The end result of the application of this process is a repository of 10,621 text files - each with its corresponding article ID as its filename.
This provides the basic data for the next part of preprocessing which includes parsing, the removal of stop words and the stemming of terms. Terms in my approach to text mining include both keywords and key phrases.
It is worth noting that the table created in this initial preprocessing phase will form the fundamental cornerstone for the clustering process - that is, it relates each document to its concept(s). It is used for the purpose of comparing clustering outcomes with human-defined reality.

Sunday, September 2, 2007

Proposed Carrot2 Framework

The developed Carrot2 System is a modularised java-based program. It extensively employs Carrot2 java libraries and API references. It uses Carrot2 embedded Apache Lucene 2.2 to automatically handle a lot of the data pre-processing, specifically employing the Porter stemmer for stemming. The developed uses Carrot2 System Weiss developed parser which accounts for “names, e-mail addresses, web pages and such.” (Weiss and Osinski, 2007b)

Using Carrot2 API and source code to resource a lot of the peripheral text mining services allows for a stable environment through which to test the effect of changes to the assumed key phrase on the outcomes of clustering.

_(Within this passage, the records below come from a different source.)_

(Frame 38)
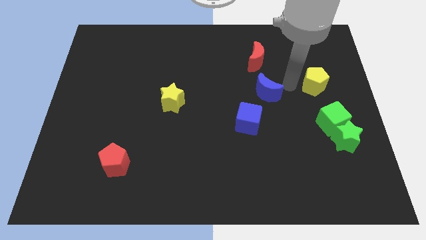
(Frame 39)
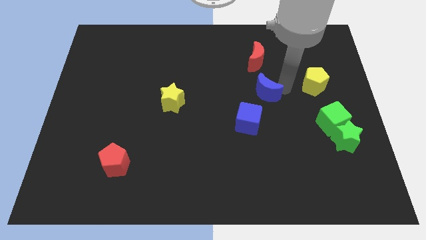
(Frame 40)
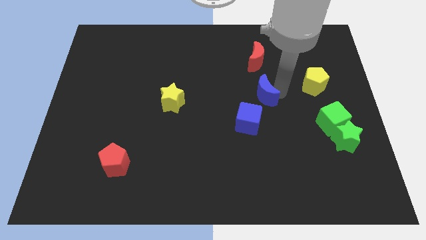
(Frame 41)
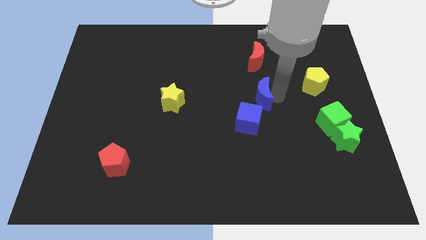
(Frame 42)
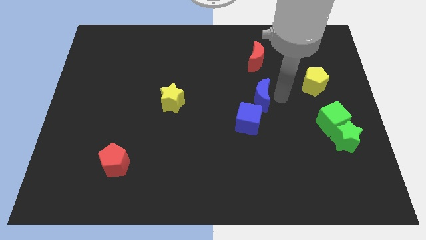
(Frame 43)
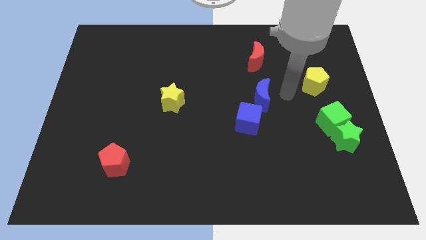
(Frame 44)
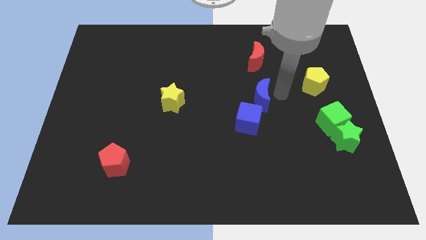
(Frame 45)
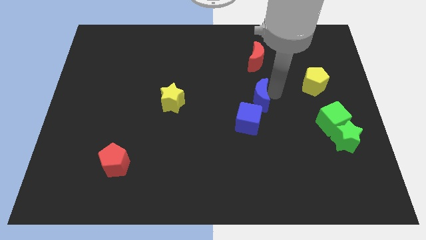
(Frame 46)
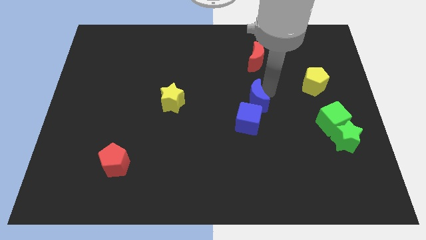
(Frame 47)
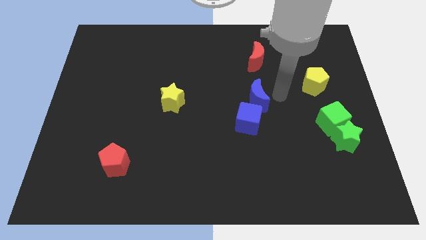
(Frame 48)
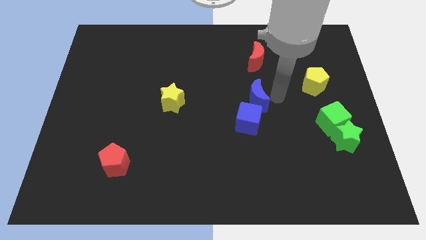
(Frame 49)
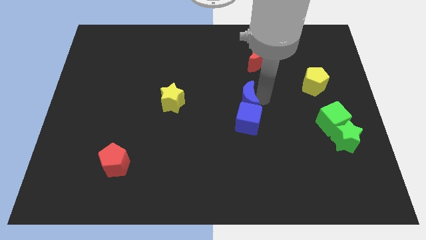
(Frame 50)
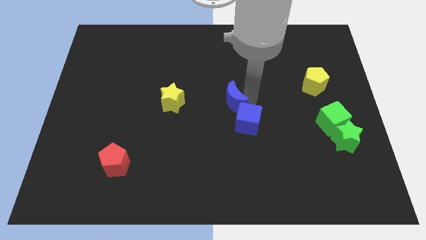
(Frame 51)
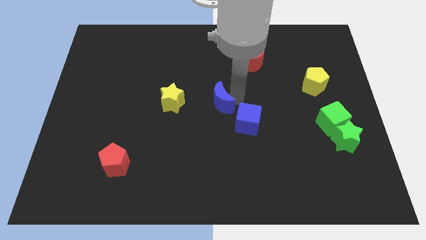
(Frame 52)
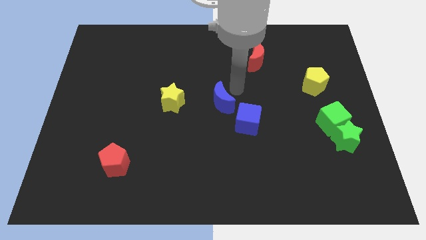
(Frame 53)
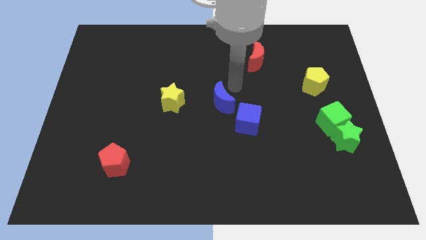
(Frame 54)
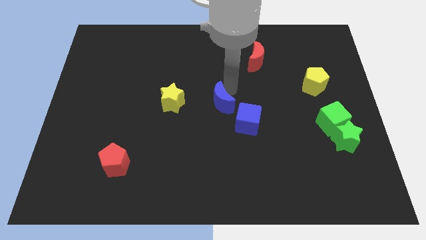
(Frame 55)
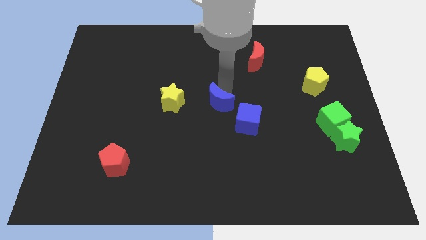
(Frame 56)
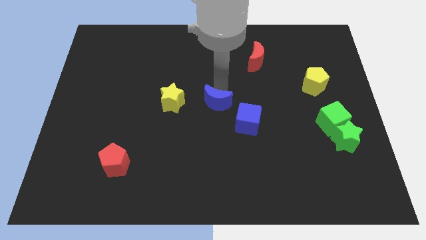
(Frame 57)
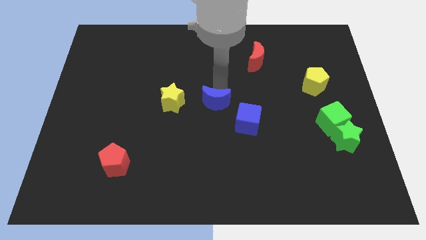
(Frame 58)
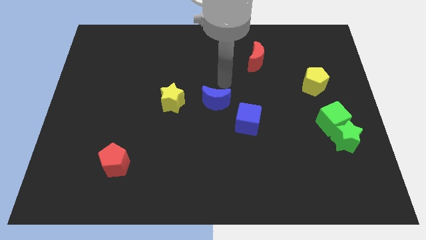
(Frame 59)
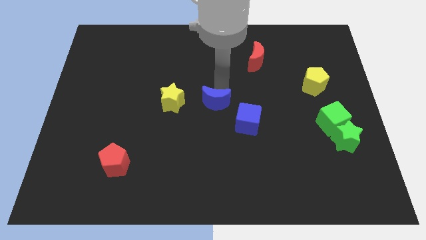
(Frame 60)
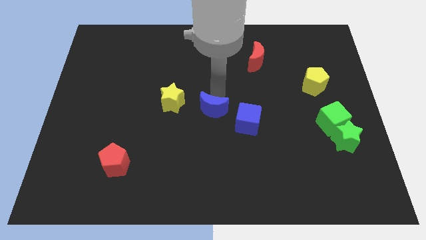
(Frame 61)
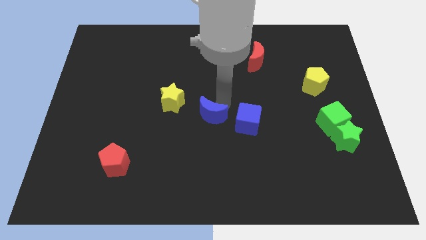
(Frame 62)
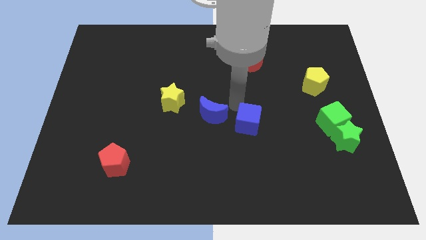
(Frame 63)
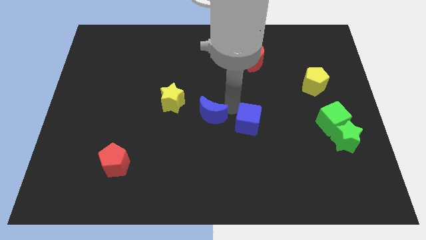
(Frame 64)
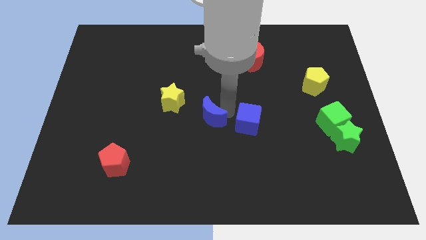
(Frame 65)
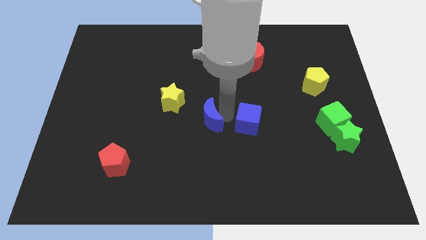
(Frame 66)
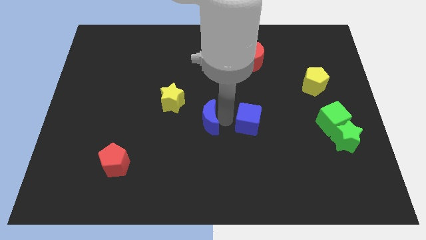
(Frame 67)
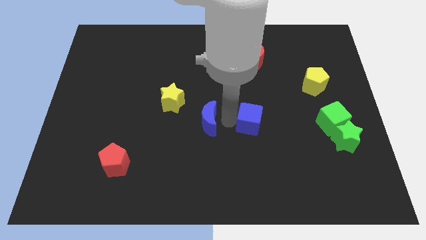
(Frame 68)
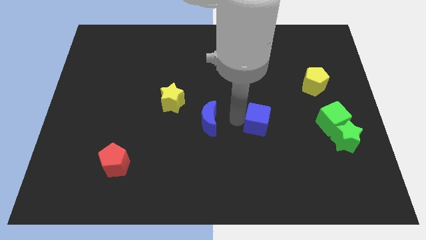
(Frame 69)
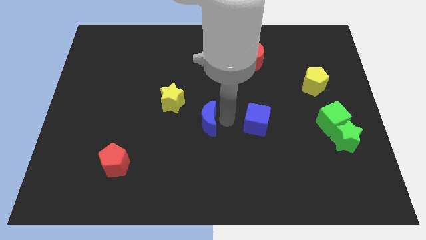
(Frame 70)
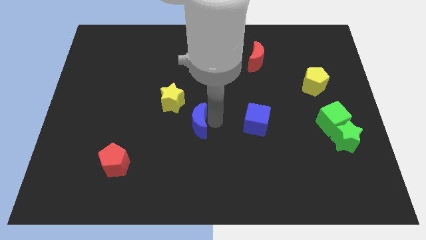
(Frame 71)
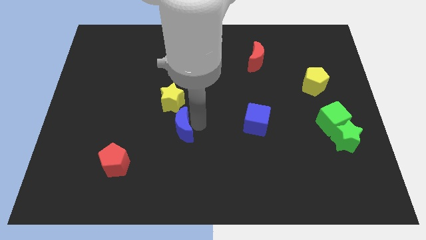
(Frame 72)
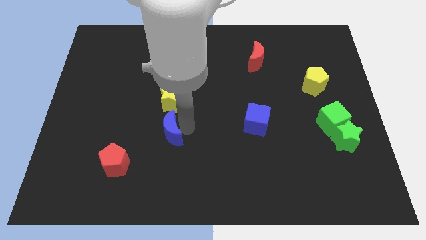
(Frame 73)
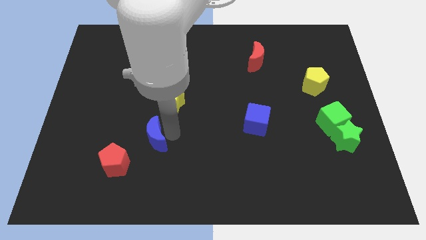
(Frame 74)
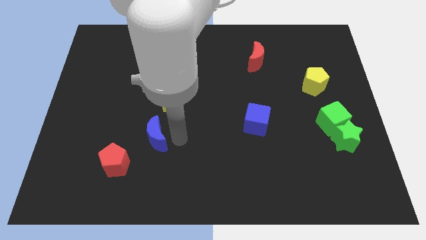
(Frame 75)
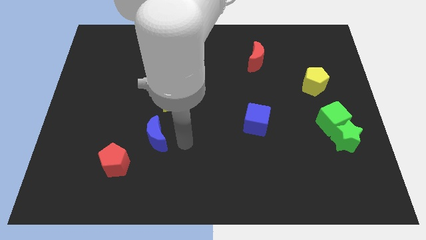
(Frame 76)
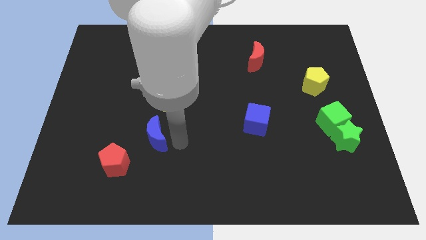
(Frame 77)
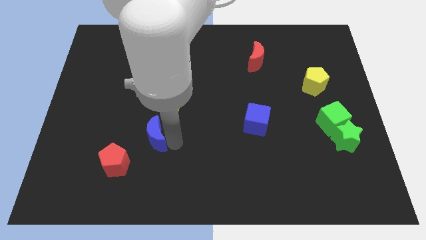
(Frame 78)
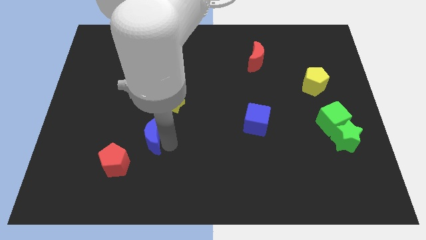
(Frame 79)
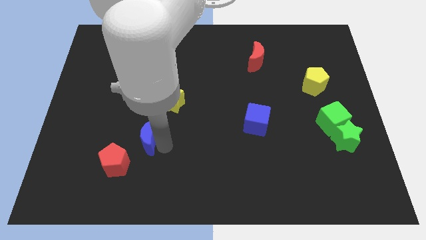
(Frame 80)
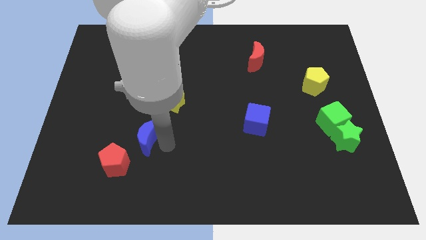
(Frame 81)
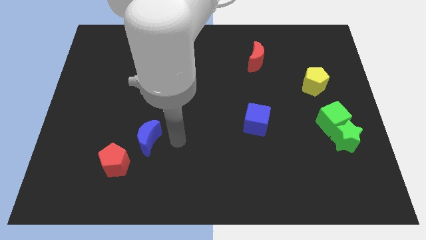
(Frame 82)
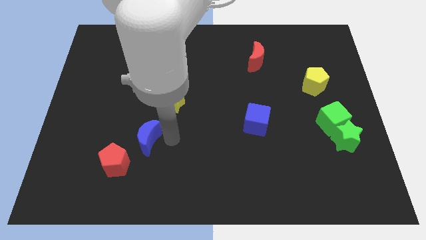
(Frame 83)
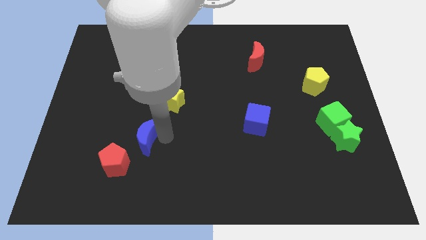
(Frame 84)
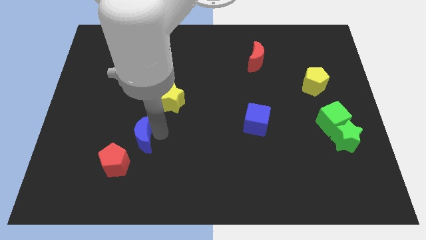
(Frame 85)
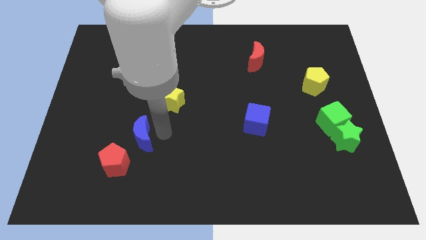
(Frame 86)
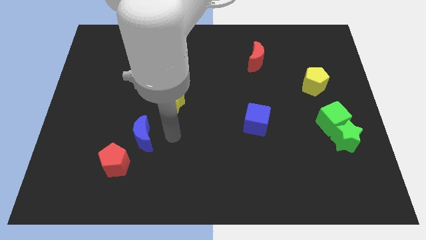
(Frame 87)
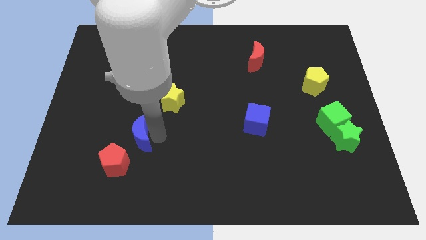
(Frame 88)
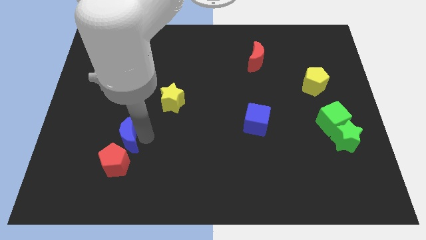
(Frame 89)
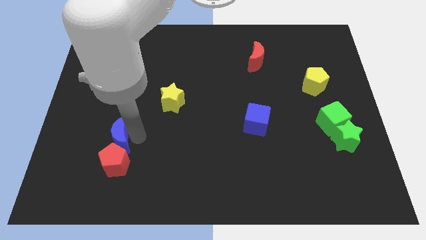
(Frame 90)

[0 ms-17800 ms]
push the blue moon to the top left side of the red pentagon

Clustering Experiments Dataset

Data acquisition in text mining experiments is concerned with the acquisition of information to be employed within the mining process itself. For the purposes of this paper, Reuters-21450 news corpus was the natural selection for undertaking data mining experiments. It is seen to be the benchmarking standard for automated text categorization, it is “estimated that this corpus has provided data for over 100 published research papers, particularly in the fields of information retrieval, natural language processing and machine learning.” (Rose et al., 2002, Weiss et al., 1999) The corpus relates to 10,788 news stories containing some 24,240 unique terms after stemming and the removal of stop words. In order to bench mark the outcomes of text mining algorithms, each story or document belongs to a category (on average 1.3 categories per document). There are 90 identified categories. The data is split into two sub-datasets according to ModApteSplit. (Lan et al., 2001) Thus, 75 per cent or 7769 documents of the corpus are taken to be the training set whilst the remaining 25 per cent or 3019 documents form the testing set.

Each document within the Reuters-21450 corpus has a title, a content section, a cluster assignment or a number of cluster assignments and an indicator of length. The corpus is partitioned into these documents and their respectable parts through specific text-based tags.